Sunday, September 18, 2011

‘Bako exists. Imagine’ by Atul Dodiya

A new series of works by Atul Dodiya, entitled ‘Bako exists. Imagine’ takes place at Chemould Prescott Road, Mumbai.

An accompanying note states that ‘Bako exists. Imagine’ is a text-based work which consists of twelve paintings and an installation with nine wooden cabinets. It adds: “These poetic episodes are based on a fiction, written in Gujarati by a major contemporary Gujarati poet Labhshanker Thaker.

"Bako is a young boy who meets Bapu - Mahatma Gandhi, in his sleep. In fact, they both meet each other in their sleep and talk. A kind of fantasy, which allows and evokes childhood memories... There is no fence of age between this old man and the young boy. They joke, they laugh, they talk abstract."

In these twelve blackboard paintings, along with the cabinet installation, autobiographical references gradually mingle into a larger creative journey.
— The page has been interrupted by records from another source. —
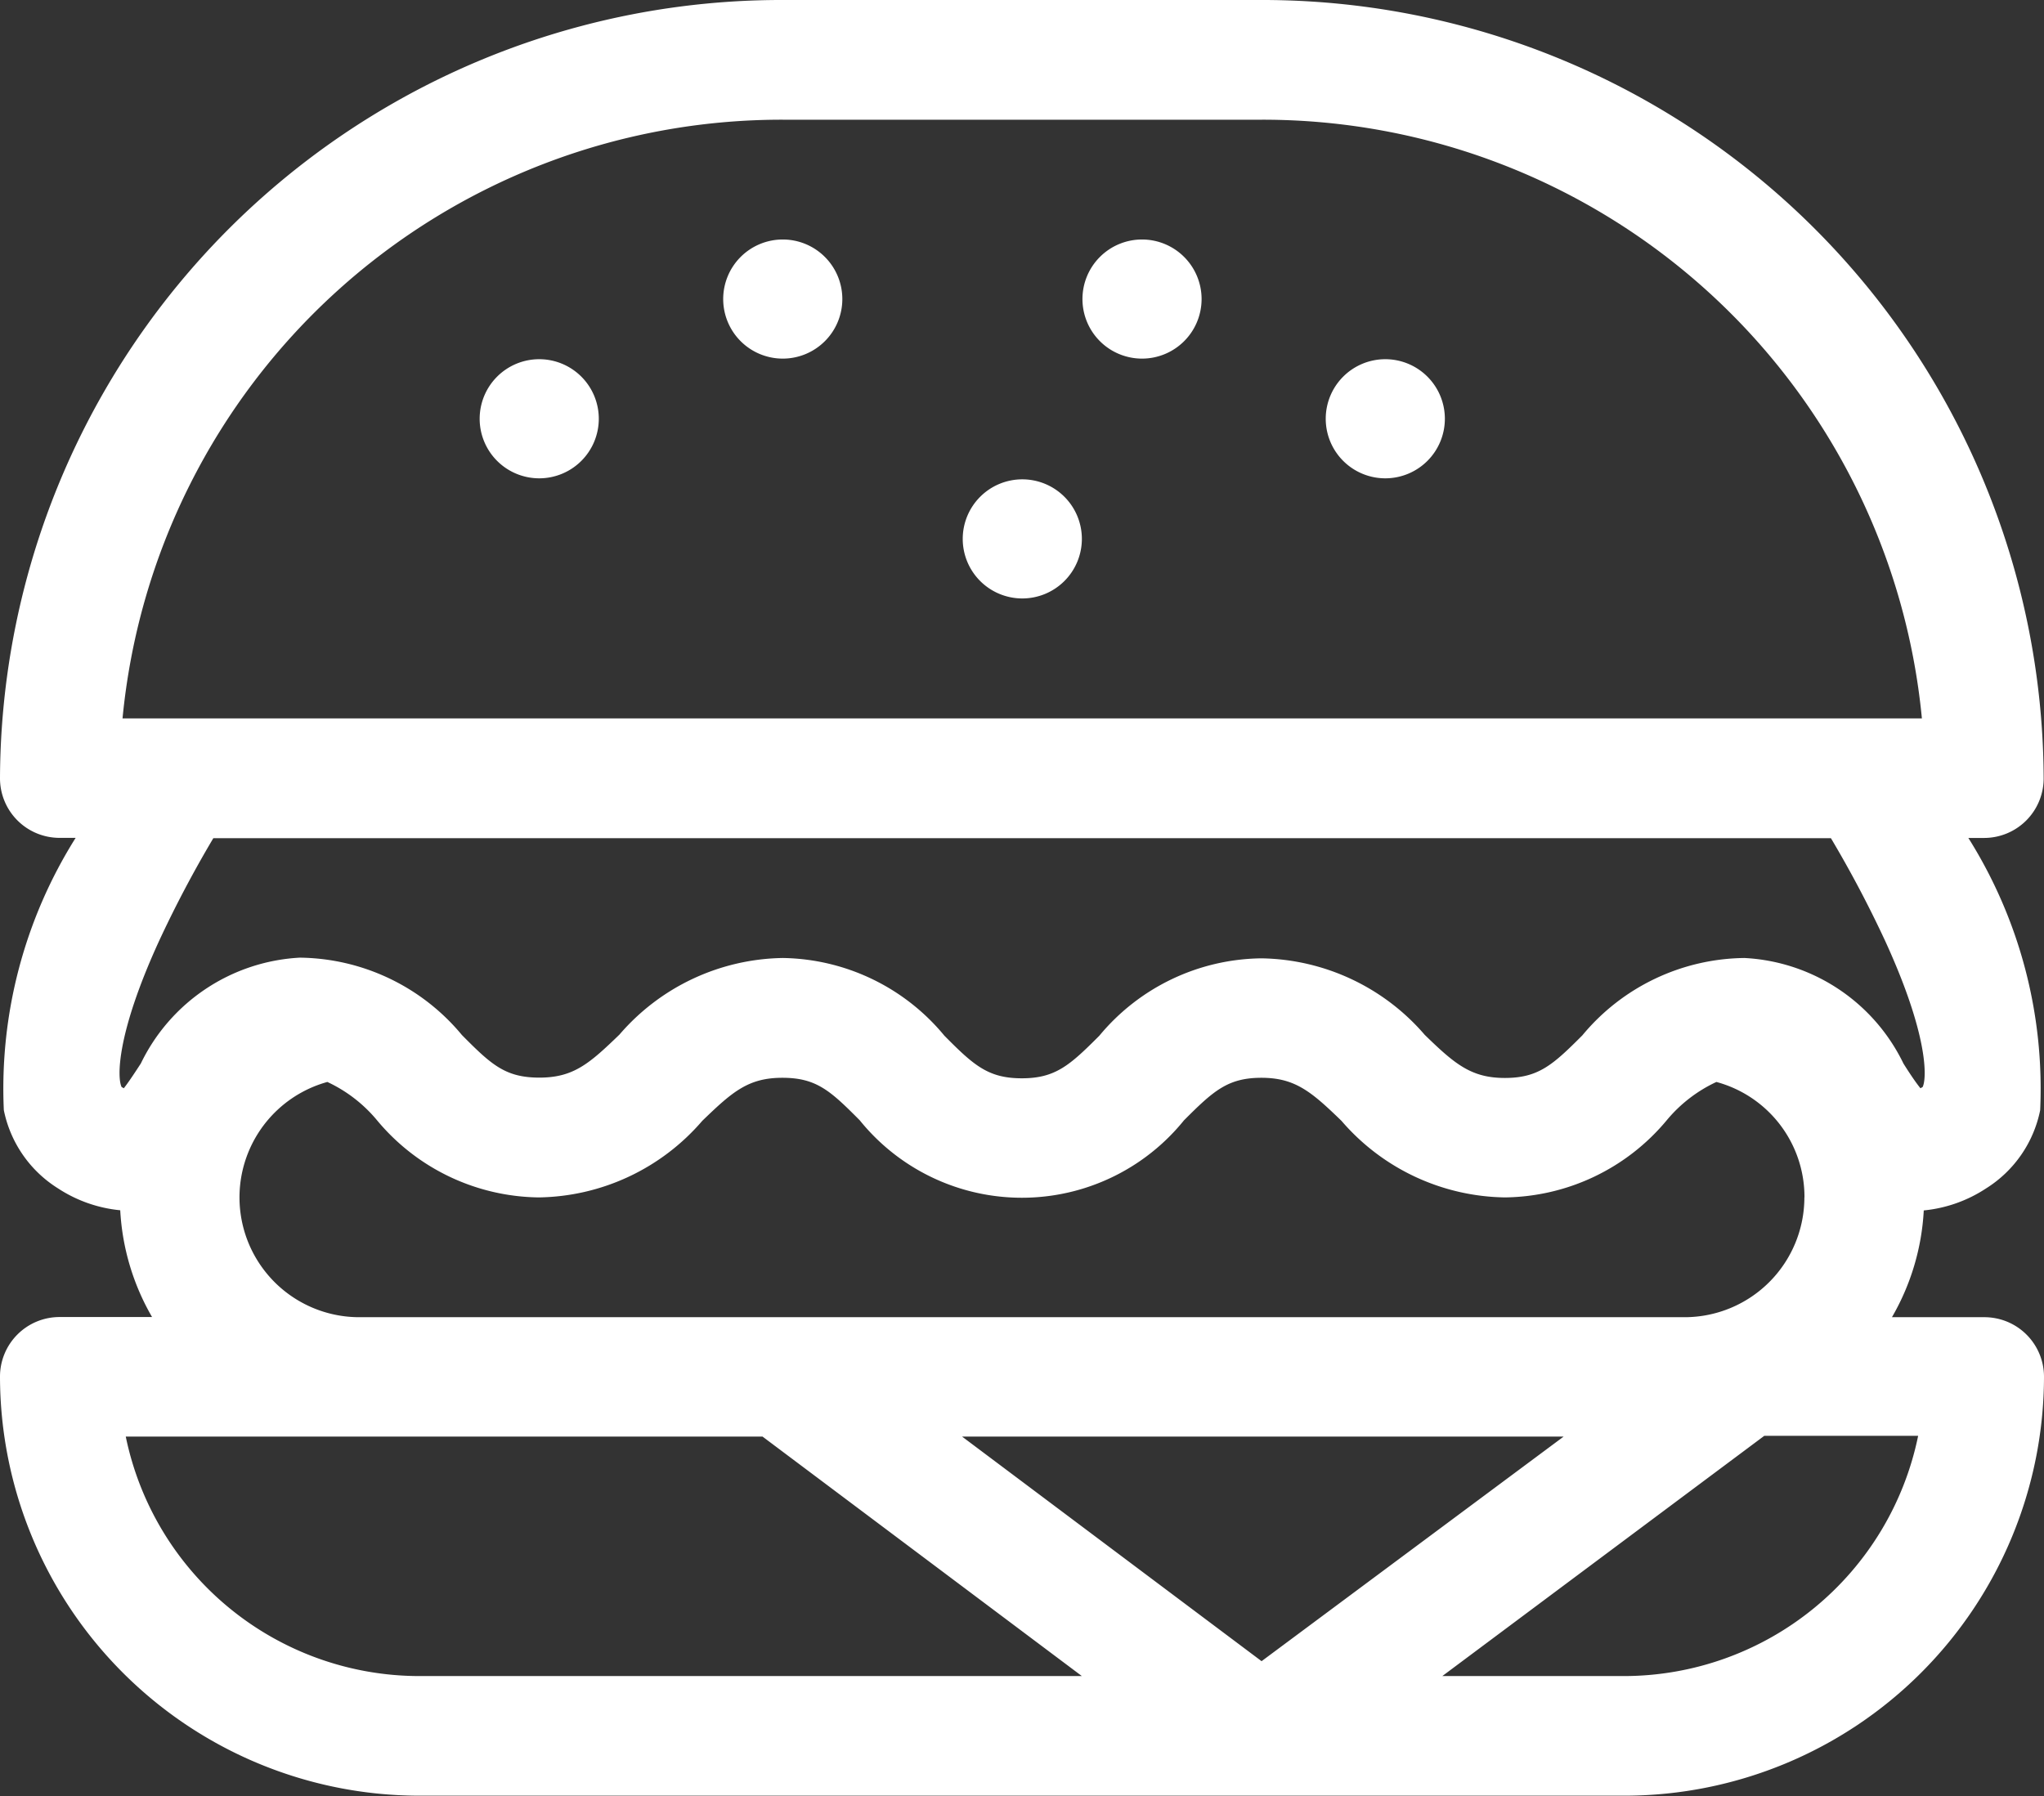 <svg xmlns="http://www.w3.org/2000/svg" width="24.021" height="21.112" viewBox="0 0 24.021 21.112">
  <rect x="0" y="0" width="24.021" height="21.112" fill="#333333" stroke="none"/>
  <g id="surface1" transform="translate(0 -0.5)">
    <path id="Path_19141" data-name="Path 19141" d="M23.317,15.982H22.234a2.794,2.794,0,0,0,.374-1.255,1.615,1.615,0,0,0,.731-.258,1.414,1.414,0,0,0,.637-.92,5.535,5.535,0,0,0-.844-3.2h.185a.7.7,0,0,0,.7-.7A9.182,9.182,0,0,0,14.825.5H9.2A9.182,9.182,0,0,0,0,9.648a.7.7,0,0,0,.7.7H.889a5.534,5.534,0,0,0-.844,3.2,1.414,1.414,0,0,0,.637.92,1.615,1.615,0,0,0,.731.257,2.8,2.8,0,0,0,.374,1.255H.7a.7.7,0,0,0-.7.7,4.932,4.932,0,0,0,4.926,4.926H19.095a4.932,4.932,0,0,0,4.926-4.926A.7.7,0,0,0,23.317,15.982ZM9.2,1.907h5.63a7.78,7.78,0,0,1,7.756,7.037H1.44A7.78,7.78,0,0,1,9.2,1.907ZM1.655,13c-.059.09-.14.215-.2.291l-.026-.015c-.05-.1-.07-.6.438-1.711a13.474,13.474,0,0,1,.64-1.213h19.01a13.447,13.447,0,0,1,.634,1.2c.513,1.116.494,1.621.444,1.724l-.026.015c-.062-.076-.143-.2-.2-.291A2.2,2.2,0,0,0,20.5,11.76a2.509,2.509,0,0,0-1.905.91c-.345.345-.514.5-.91.5s-.589-.164-.941-.506a2.582,2.582,0,0,0-1.92-.9,2.509,2.509,0,0,0-1.905.91c-.345.345-.514.5-.91.5s-.565-.152-.91-.5A2.508,2.508,0,0,0,9.2,11.76a2.582,2.582,0,0,0-1.92.9c-.353.341-.54.506-.941.506s-.565-.152-.91-.5a2.509,2.509,0,0,0-1.905-.91A2.205,2.205,0,0,0,1.655,13Zm19.55,1.574A1.409,1.409,0,0,1,19.8,15.982H4.222a1.408,1.408,0,0,1-.375-2.765,1.678,1.678,0,0,1,.581.447,2.509,2.509,0,0,0,1.905.91,2.582,2.582,0,0,0,1.92-.9c.353-.341.54-.506.941-.506s.565.153.91.5a2.449,2.449,0,0,0,3.81,0c.345-.345.514-.5.91-.5s.588.164.941.506a2.582,2.582,0,0,0,1.92.9,2.509,2.509,0,0,0,1.905-.91,1.678,1.678,0,0,1,.581-.447A1.4,1.4,0,0,1,21.206,14.574ZM4.926,20.2a3.525,3.525,0,0,1-3.448-2.815H8.961L12.714,20.2Zm6.38-2.815h7.07l-3.55,2.64ZM19.095,20.2H16.95l3.784-2.824h1.808A3.533,3.533,0,0,1,19.095,20.2Zm0,0" transform="translate(0)" fill="#fff"/>
    <path id="Path_19142" data-name="Path 19142" d="M182.411,61.2a.7.7,0,1,1-.7-.7A.7.7,0,0,1,182.411,61.2Zm0,0" transform="translate(-172.512 -57.185)" fill="#fff"/>
    <path id="Path_19143" data-name="Path 19143" d="M333.4,91.2a.7.7,0,1,1-.7-.7A.7.7,0,0,1,333.4,91.2Zm0,0" transform="translate(-316.42 -85.778)" fill="#fff"/>
    <path id="Path_19144" data-name="Path 19144" d="M121.411,91.2a.7.7,0,1,1-.7-.7A.7.7,0,0,1,121.411,91.2Zm0,0" transform="translate(-114.374 -85.778)" fill="#fff"/>
    <path id="Path_19145" data-name="Path 19145" d="M272.407,61.2a.7.7,0,1,1-.7-.7A.7.7,0,0,1,272.407,61.2Zm0,0" transform="translate(-258.286 -57.185)" fill="#fff"/>
    <path id="Path_19146" data-name="Path 19146" d="M242.407,121.2a.7.7,0,1,1-.7-.7A.7.7,0,0,1,242.407,121.2Zm0,0" transform="translate(-229.693 -114.366)" fill="#fff"/>
  </g>
</svg>

The intention is – the viewer no more remains an outsider but subconsciously, becomes an invisible character involved along with Baka and Bapu in this hilarious fantasy.

He began his career painting autobiographically and primarily in a photo-realist mode, holding his first solo exhibition of oil paintings in 1989 at Gallery Chemould. Tracking his career, one may state that a year studying at the École des Beaux Arts in Paris in 1991-2 nuanced Dodiya's engagement with international modernist and postmodernist art.

While he was growing uninterested in the potential of literalist realism by this time, exposure to contemporary art that manipulated realist styles attracted Dodiya; he identified especially with Sigmar Polke's experimental multimedia subversions and David Salle's figurative pastiche.

Atul Dodiya has drawn on Indian national politics throughout his career. In particular, he has continually remembered Gandhi and inscribed the leader's politics into his work. This culminated in a seminal exhibition of watercolors at Gallery Chemould in 1999, "Atul Dodiya: An Artist of Non-Violence," with its title referring to a quotation by Gandhi himself.